# Upgraded from popper to I-roast 2



## shiftywxm

Hi,

Well I've spent a number of months using a Rival popcorn maker and decided the time was right for an upgrade. I was searching around and found a Heathware i-Roast 2 on ebay for £155.

I've had it a few days now and have done two roasts on it so far using some Indian Mysore. The first one on a preset and the second one on a programme I found on the Sweet Maria website. However, both seem to have roasted far too quick. Could possibly be due to the machine being a 230v version and heating too quickly. Both however look good and smell nice... only time will tell if they taste nice as they are still settling.
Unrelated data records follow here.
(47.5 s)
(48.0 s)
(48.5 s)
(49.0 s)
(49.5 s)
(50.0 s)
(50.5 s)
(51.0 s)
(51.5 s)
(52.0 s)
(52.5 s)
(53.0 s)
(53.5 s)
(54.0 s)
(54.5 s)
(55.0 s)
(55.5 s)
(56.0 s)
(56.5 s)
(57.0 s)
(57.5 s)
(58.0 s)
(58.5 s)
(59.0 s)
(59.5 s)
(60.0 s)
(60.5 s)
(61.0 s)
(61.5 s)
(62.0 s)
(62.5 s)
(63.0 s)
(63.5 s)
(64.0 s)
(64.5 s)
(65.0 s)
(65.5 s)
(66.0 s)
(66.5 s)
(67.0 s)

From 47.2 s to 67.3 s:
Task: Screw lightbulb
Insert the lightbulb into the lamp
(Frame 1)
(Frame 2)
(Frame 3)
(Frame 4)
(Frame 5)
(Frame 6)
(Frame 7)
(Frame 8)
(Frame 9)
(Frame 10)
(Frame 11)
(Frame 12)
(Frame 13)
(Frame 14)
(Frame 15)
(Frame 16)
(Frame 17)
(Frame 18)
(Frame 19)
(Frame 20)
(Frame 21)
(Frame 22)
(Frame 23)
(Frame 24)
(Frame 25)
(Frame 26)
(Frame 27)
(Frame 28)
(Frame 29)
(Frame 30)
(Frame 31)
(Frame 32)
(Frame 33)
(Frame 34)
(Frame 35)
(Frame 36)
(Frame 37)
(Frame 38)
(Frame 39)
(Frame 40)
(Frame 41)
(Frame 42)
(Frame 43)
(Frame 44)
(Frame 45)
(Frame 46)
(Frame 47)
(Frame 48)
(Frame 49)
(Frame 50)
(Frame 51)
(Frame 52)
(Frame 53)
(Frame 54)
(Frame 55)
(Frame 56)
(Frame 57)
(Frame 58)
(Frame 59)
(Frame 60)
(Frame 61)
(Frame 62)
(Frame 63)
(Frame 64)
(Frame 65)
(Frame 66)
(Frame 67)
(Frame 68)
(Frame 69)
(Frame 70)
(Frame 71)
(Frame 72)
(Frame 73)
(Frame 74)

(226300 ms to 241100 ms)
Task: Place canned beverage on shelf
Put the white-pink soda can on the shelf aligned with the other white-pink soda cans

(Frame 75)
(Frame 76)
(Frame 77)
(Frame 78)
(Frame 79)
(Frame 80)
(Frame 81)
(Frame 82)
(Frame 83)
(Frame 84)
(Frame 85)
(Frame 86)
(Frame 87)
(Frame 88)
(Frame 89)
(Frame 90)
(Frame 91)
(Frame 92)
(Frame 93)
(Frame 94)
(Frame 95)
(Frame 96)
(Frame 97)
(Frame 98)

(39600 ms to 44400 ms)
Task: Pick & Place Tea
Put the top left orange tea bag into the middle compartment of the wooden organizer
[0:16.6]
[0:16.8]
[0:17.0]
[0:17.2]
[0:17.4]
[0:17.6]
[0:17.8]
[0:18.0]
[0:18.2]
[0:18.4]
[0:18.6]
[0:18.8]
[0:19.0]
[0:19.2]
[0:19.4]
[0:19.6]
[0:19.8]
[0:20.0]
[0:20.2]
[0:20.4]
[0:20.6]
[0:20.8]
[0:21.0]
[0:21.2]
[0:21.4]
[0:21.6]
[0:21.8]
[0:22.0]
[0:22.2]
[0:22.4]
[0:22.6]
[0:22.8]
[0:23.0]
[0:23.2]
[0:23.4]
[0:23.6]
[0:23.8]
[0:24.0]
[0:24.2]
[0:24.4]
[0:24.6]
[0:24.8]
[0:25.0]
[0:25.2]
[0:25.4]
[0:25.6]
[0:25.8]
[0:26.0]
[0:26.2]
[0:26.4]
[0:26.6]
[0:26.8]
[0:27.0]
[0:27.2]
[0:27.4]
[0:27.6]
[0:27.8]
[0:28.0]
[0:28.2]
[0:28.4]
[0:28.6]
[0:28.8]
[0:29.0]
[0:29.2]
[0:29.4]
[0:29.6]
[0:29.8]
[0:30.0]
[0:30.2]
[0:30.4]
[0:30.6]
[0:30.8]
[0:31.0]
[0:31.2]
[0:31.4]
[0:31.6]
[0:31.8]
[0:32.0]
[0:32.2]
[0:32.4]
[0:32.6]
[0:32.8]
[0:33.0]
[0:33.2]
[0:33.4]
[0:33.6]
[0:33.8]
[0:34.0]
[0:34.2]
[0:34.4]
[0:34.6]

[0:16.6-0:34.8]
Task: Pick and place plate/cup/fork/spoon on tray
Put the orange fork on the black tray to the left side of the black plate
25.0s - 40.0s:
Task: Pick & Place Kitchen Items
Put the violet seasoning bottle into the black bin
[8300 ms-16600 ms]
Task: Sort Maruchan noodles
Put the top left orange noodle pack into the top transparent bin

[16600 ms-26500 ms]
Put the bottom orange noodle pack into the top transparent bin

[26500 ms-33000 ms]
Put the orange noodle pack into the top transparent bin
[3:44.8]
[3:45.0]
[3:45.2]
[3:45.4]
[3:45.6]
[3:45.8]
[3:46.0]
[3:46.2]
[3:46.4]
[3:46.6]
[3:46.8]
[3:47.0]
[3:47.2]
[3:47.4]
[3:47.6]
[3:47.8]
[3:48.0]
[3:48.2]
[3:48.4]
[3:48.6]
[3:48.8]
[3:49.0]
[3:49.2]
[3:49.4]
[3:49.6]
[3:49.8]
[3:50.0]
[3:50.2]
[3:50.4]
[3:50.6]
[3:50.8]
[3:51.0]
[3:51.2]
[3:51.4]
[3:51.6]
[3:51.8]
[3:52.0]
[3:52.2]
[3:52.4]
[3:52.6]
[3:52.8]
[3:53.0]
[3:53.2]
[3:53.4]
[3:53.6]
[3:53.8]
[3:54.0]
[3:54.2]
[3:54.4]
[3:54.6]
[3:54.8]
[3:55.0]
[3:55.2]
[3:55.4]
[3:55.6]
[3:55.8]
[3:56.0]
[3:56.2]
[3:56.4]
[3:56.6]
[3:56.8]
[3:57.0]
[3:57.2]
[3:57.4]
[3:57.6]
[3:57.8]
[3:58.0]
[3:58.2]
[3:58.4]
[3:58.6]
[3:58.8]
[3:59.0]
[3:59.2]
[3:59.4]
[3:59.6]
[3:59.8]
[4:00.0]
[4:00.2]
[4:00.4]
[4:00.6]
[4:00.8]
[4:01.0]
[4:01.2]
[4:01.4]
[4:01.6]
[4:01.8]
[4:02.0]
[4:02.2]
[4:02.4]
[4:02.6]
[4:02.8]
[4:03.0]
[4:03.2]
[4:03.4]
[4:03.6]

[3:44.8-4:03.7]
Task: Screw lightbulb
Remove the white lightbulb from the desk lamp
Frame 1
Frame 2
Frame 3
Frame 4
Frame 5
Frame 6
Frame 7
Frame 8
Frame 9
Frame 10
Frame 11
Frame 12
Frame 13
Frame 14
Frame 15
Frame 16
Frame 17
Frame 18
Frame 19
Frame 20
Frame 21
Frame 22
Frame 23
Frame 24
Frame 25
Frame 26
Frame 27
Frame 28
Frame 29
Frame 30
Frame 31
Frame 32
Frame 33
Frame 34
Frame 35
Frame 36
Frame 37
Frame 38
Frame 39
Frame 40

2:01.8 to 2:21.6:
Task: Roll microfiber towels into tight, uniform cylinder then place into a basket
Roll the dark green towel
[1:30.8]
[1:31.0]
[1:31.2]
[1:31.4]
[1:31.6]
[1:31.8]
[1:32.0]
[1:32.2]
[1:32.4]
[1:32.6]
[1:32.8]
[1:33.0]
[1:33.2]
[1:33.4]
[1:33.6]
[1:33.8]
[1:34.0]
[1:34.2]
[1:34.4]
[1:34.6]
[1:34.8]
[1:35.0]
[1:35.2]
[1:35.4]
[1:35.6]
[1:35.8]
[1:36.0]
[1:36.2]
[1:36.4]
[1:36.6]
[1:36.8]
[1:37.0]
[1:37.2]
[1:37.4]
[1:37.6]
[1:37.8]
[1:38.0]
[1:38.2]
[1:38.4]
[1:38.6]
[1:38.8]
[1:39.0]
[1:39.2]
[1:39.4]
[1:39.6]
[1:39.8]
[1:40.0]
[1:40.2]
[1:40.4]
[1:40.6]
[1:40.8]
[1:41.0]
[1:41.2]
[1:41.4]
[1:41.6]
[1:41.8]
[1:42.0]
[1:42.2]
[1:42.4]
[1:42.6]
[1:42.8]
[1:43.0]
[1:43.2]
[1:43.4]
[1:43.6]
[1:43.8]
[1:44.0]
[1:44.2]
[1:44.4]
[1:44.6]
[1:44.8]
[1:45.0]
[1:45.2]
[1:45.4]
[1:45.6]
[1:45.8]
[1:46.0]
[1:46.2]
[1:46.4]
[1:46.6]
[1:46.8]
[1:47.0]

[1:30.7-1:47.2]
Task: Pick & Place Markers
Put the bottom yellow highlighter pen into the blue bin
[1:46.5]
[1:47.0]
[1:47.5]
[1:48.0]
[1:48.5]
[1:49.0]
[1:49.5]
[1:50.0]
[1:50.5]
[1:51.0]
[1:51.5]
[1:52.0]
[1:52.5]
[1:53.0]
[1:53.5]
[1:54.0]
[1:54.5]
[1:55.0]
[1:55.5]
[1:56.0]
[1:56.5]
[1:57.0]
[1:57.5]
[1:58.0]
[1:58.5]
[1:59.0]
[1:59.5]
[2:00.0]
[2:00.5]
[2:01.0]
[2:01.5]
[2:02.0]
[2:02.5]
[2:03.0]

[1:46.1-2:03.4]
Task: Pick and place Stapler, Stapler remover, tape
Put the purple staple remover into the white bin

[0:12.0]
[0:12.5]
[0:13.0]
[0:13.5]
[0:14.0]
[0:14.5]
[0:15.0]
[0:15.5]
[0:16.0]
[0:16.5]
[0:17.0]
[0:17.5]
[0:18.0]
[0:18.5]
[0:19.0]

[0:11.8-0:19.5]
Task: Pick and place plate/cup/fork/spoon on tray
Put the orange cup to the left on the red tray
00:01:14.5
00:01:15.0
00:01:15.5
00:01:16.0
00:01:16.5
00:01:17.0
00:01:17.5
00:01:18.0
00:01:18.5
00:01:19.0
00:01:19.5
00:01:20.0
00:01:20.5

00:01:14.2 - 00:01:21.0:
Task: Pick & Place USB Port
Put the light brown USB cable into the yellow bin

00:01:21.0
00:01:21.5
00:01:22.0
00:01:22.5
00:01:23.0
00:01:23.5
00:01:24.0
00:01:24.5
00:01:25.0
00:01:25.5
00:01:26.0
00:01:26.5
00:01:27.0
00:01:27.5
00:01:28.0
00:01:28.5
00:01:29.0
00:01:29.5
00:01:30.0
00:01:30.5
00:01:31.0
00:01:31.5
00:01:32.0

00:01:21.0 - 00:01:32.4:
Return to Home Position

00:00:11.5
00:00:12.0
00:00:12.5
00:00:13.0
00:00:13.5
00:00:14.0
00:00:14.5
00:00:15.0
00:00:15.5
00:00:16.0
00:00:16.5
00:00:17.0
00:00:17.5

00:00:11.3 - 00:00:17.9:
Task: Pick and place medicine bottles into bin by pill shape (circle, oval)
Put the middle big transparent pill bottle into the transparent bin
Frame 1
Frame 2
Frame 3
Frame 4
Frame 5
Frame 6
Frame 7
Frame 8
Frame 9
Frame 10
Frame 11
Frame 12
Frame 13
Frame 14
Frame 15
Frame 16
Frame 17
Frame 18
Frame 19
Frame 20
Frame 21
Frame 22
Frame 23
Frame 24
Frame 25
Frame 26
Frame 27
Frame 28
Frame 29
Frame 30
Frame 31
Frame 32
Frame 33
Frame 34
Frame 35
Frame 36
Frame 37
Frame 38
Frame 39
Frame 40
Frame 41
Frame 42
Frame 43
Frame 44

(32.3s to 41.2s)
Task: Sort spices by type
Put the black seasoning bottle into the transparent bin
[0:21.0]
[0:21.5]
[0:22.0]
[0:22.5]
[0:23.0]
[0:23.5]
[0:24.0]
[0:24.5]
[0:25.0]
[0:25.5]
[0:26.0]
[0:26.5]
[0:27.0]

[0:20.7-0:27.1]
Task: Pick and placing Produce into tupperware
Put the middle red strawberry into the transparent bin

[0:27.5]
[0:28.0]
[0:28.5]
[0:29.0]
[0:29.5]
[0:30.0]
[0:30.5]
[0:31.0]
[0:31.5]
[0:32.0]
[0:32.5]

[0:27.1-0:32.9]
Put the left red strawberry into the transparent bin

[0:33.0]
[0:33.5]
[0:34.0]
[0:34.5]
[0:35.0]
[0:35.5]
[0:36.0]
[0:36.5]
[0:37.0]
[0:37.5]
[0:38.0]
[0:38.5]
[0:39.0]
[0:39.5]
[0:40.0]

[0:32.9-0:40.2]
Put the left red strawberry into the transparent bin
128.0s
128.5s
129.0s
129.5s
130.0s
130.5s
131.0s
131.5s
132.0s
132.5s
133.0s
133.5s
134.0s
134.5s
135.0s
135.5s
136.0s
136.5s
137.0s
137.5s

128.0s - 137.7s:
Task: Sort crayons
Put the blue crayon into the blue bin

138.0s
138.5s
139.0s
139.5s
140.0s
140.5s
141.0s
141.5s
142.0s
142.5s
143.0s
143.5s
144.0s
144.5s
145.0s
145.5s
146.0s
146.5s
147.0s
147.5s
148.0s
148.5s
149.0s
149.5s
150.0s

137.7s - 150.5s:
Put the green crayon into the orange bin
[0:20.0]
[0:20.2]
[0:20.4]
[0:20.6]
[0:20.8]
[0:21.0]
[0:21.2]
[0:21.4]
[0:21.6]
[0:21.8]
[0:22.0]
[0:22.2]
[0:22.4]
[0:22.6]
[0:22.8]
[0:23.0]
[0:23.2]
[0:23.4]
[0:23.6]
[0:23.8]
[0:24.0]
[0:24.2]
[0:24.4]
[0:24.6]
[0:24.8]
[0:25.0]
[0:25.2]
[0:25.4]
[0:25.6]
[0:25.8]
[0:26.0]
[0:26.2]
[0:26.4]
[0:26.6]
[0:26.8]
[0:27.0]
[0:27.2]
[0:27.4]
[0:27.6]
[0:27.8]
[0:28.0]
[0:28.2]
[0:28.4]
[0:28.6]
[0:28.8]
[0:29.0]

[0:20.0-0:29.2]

I really like that you can programme your own profiles on this machine and it's going to be fun, although expensive, to experiment!

Anyone else got an i-roast 2? Got any profiles to share that do a slow roast?


----------



## CoffeeMagic

Not sure if there are too many around the UK as I haven't come across a retailer (not that I have really been looking). However I have come across some threads in US and Aus forums. Perhaps try a hard bean if you find it roasts too quickly. Don't forget to give us some feedback on the roast.


----------



## shiftywxm

CoffeeMagic, thanks for your reply! Can you suggest some harder beans to try?


----------



## CoffeeMagic

Look for coffees marked SHB. e.g. Guatemalan, Costa Rican Tarrazu. They are generally grown at high altitudes (>4000 feet)


----------



## shiftywxm

Just tried the first batch of Mysore that I roasted on the 15th. I decided to grind it and use in a french press. Despite it roasting fast, I was impressed with it. It was a really smooth taste and had nice, but not overpowering milk chocolate notes. I think I'm going to like this machine!


----------